Technological and Social Media Overreach: The Robo-Rabbi Call

Technological and Social Media Overreach: The Robo-Rabbi Call


Leonard Zwelling

I have been blessed with many great teachers. I have met most of them although some I have met only through books or film or audio recordings.

I did go to a retreat with the great Buddhist teacher Thich Nhat Hanh many years ago. It was a silent retreat for meditation only with the occasional one-way classroom instruction. There was no give and take. All meals were in silence. I never really met him. I did see him up close, but that’s not the same.

I did listen to many of his recorded lessons and one I remember clearly. He walked into a room and saw a Buddha on a television set and said, “these two things don’t go together.” And he was right. High tech electronic gizmos and spirituality probably ought to occupy different planes of consciousness.

This came to my mind on Good Friday, which this year, also marked the beginning of the solemn Jewish festival of Passover that commemorates the Exodus from Egypt and the acquisition by the Jewish people of their freedom from oppression, not for the last time. It is the most home centric of Jewish holidays with a big dinner that evening at which the story of the Exodus is told. It is the seminal story of all of Judaism for, like the Passion, it represents the revelation of God in the real world and is the central event that began Judaism just as the crucifixion and resurrection is the origin of Christianity. Interestingly, that too is celebrated this weekend.
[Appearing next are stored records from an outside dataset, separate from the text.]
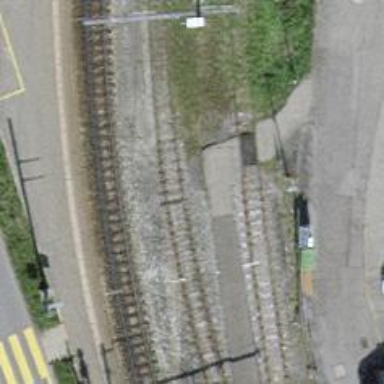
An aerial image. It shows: Narrow-gauge railway siding with 1 track. The track is electrified with contact line.
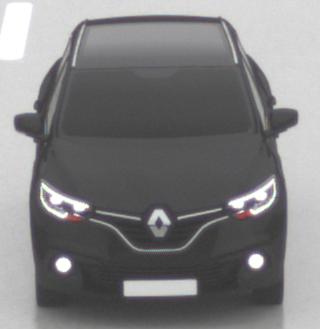
Make: Renault
Model: Kadjar ENERGY TCe 130
Detailed model: Kadjar
Model produced from: 2015/05
Model produced until: 2018/08
Doors: 5
Color: black
Road condition: wet road
Daytime: midday
Contrast: low contrast
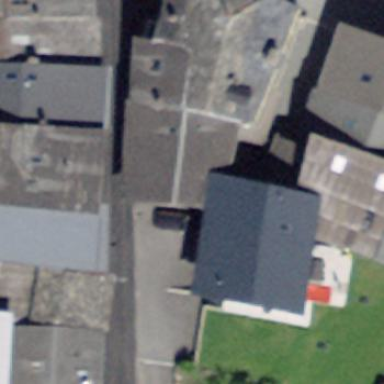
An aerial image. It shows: Terrace building.

During the day on Thursday or Friday, the phone rang with a number indicating the Schlenker School, the religious school of our synagogue Beth Israel was calling. It wasn’t the school. It was a recorded message from our head rabbi wishing us a Happy Passover. I also got a text message from the synagogue on my cell phone reiterating the temple’s best wishes for the holiday.

Now this seems innocuous enough. What’s the big deal?

The big deal is the use of technology in lieu of real human contact.

One of my relatives asked, “do you expect the synagogue to call every member personally?”

No, I don’t, but it’s not like we had not already received a lot of mailings from them about the holiday, not to mention mailings from several other congregations about their Passover celebrations, but this social media stuff and technology has gotten out of control when our religious leaders have to revert to it as a way of making contact. It’s not personal and it’s not effective.

If the clergy of the synagogue feels a need to do outreach—do the work. I am not at all sure what a robo-call is supposed to represent nor what a text message is supposed to indicate about my relationship with the synagogue. Should I “Friend” them?

Now that we have seen the dark side of social media, many of us want to give our accounts a rest. If the religious institutions are going to feel free to use our information to broadcast their best wishes in lieu of actual human contact, I will opt out.

TEXT STOP to religion on your cell phone if you agree. I had the option, but chose to see what the next holiday might bring.